Content starts
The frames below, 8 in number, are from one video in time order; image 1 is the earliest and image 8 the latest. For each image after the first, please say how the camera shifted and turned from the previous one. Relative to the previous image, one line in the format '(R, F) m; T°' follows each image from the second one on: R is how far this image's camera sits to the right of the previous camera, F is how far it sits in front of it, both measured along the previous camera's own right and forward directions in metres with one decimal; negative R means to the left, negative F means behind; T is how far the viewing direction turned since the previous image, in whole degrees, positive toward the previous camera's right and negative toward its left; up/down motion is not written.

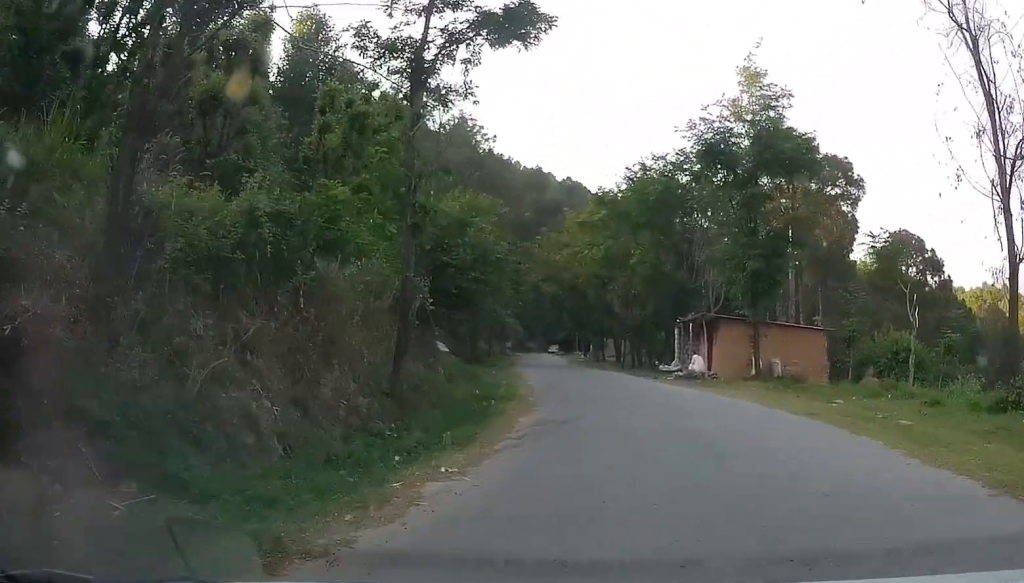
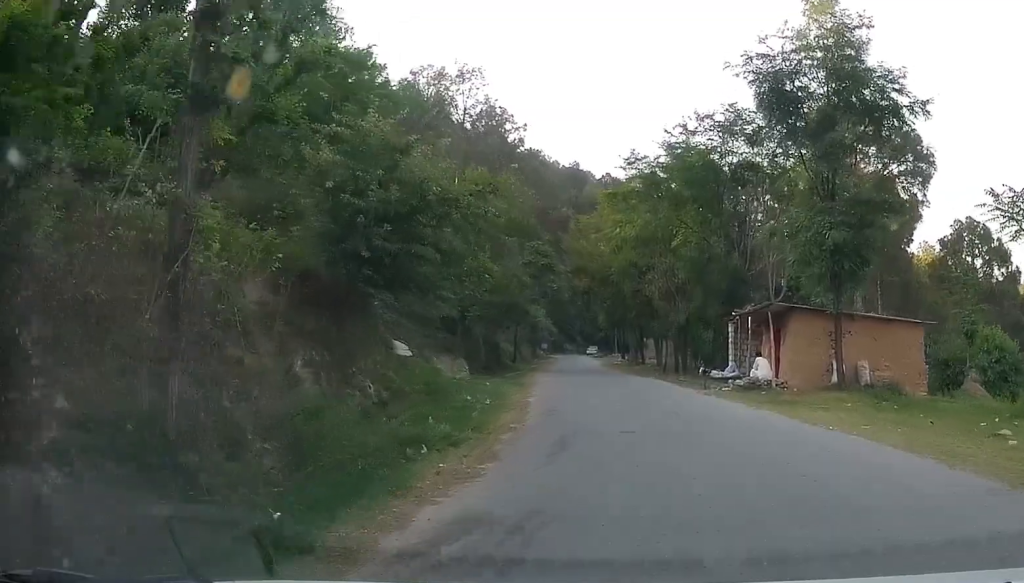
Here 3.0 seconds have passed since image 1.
(+0.5, +9.2) m; -1°
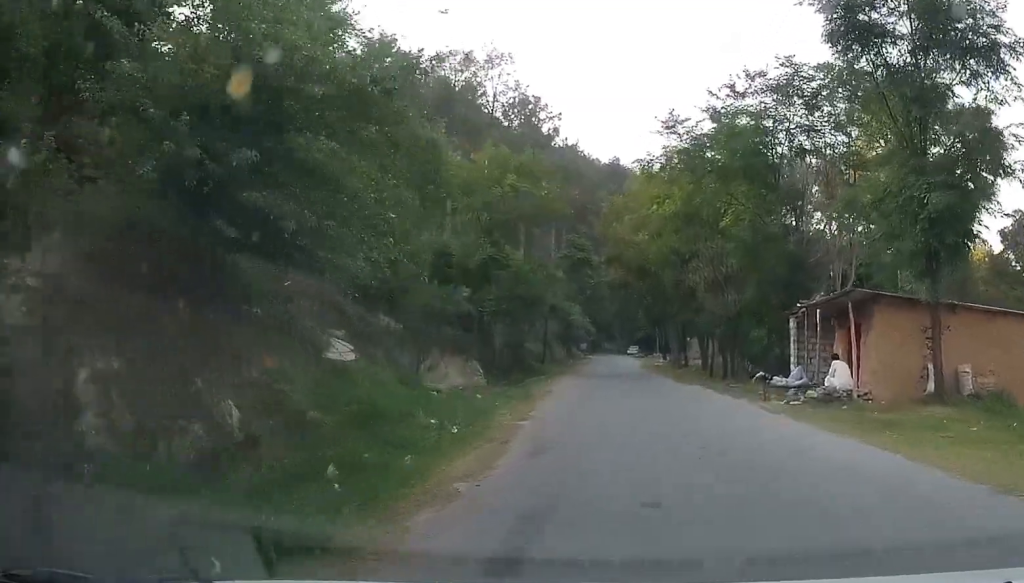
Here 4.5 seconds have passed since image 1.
(-0.6, +5.4) m; -7°
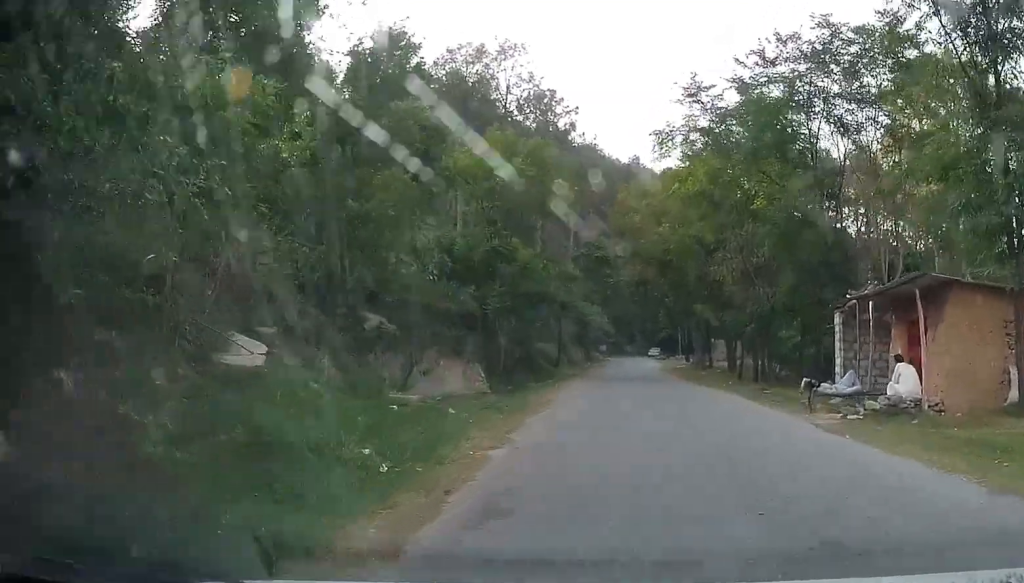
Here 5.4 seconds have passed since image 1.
(-0.1, +3.4) m; -2°
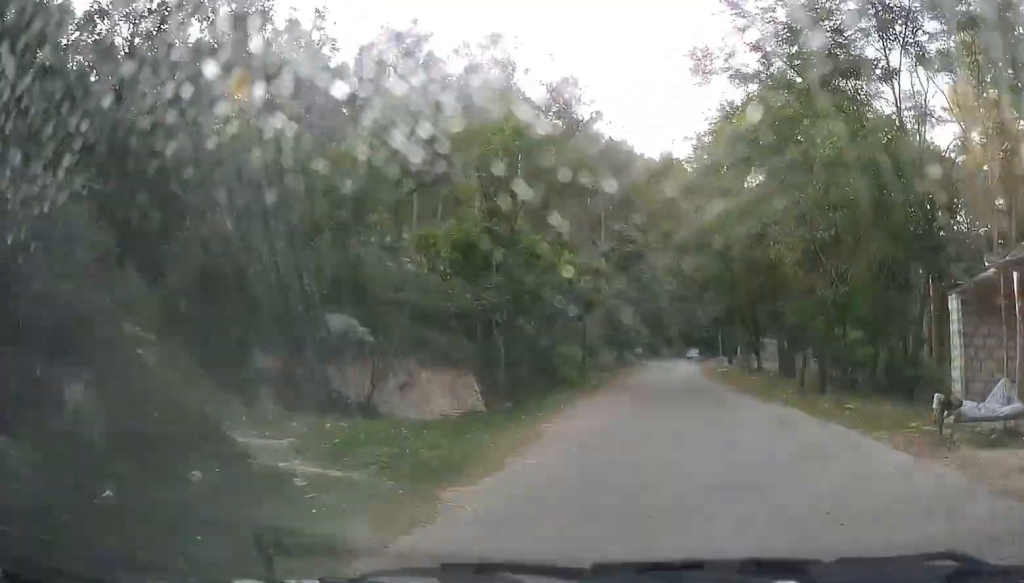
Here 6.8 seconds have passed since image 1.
(-0.1, +5.9) m; -1°
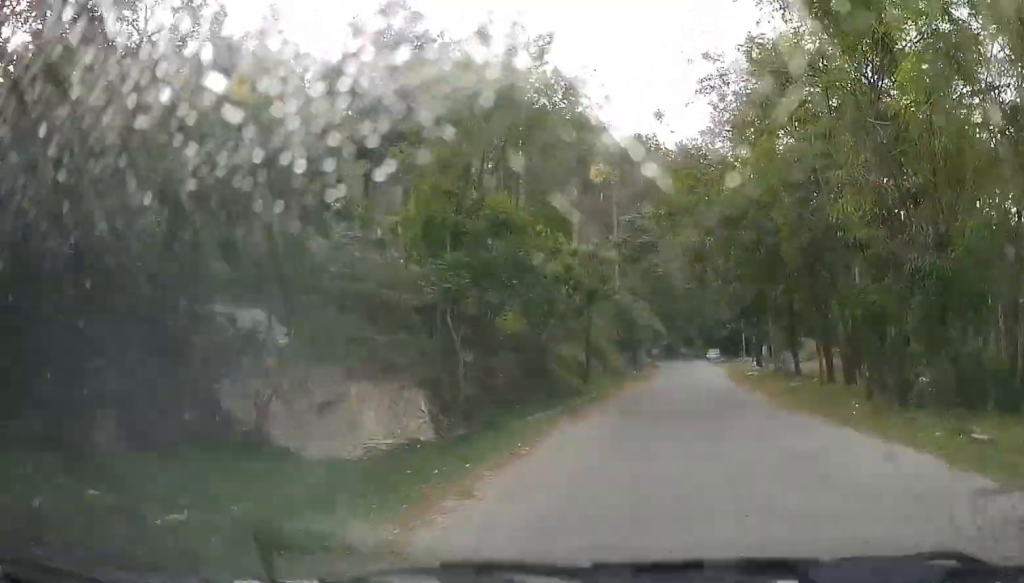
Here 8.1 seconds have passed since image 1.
(0.0, +6.3) m; -2°
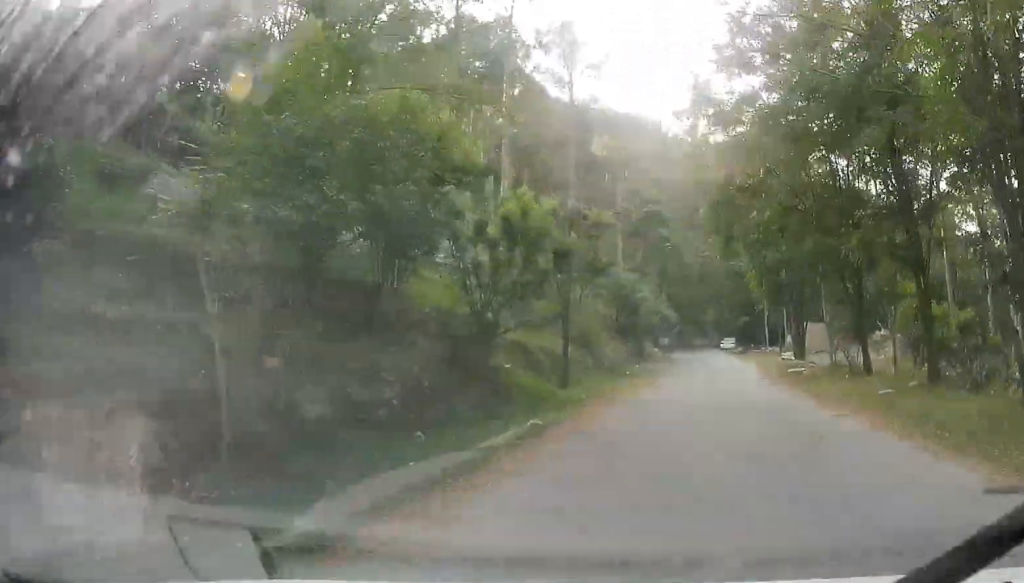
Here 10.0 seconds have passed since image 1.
(-0.2, +9.5) m; -1°
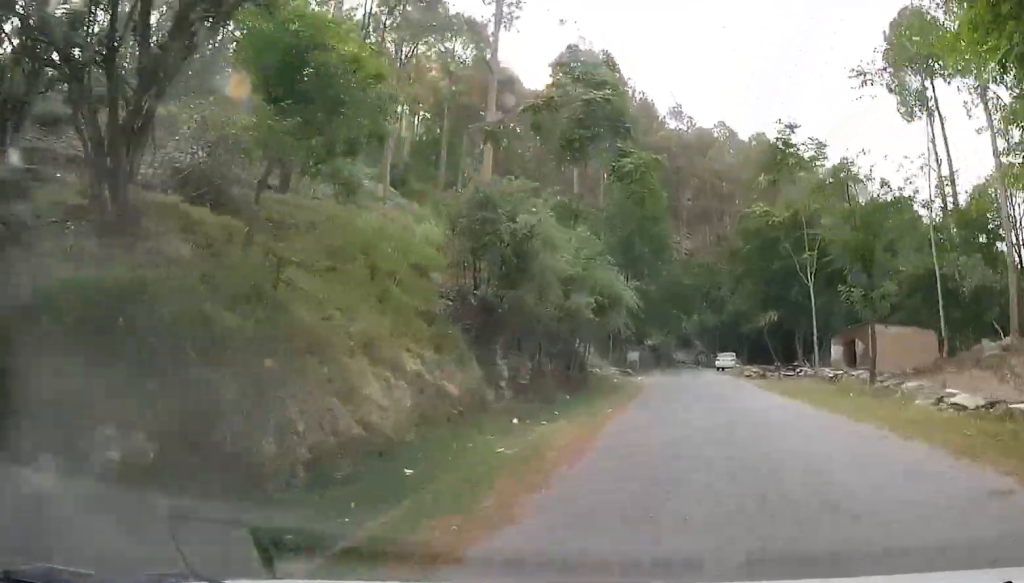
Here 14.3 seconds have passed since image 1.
(+0.6, +24.3) m; +3°
Content ends
Exercise objective - In copying the listing, reproduce each line exactly and omit the pictures.

Output of the exercise -
The frames below, 8 in number, are from one video in time order; image 1 is the earliest and image 8 the latest. For each image after the first, please say how the camera shifted and turned from the previous one. Relative to the previous image, one line in the format '(R, F) m; T°' follows each image from the second one on: R is how far this image's camera sits to the right of the previous camera, F is how far it sits in front of it, both measured along the previous camera's own right and forward directions in metres with one decimal; negative R means to the left, negative F means behind; T is how far the viewing direction turned since the previous image, in whole degrees, positive toward the previous camera's right and negative toward its left; up/down motion is not written.

Here 3.0 seconds have passed since image 1.
(+0.5, +9.2) m; -1°
Here 4.5 seconds have passed since image 1.
(-0.6, +5.4) m; -7°
Here 5.4 seconds have passed since image 1.
(-0.1, +3.4) m; -2°
Here 6.8 seconds have passed since image 1.
(-0.1, +5.9) m; -1°
Here 8.1 seconds have passed since image 1.
(0.0, +6.3) m; -2°
Here 10.0 seconds have passed since image 1.
(-0.2, +9.5) m; -1°
Here 14.3 seconds have passed since image 1.
(+0.6, +24.3) m; +3°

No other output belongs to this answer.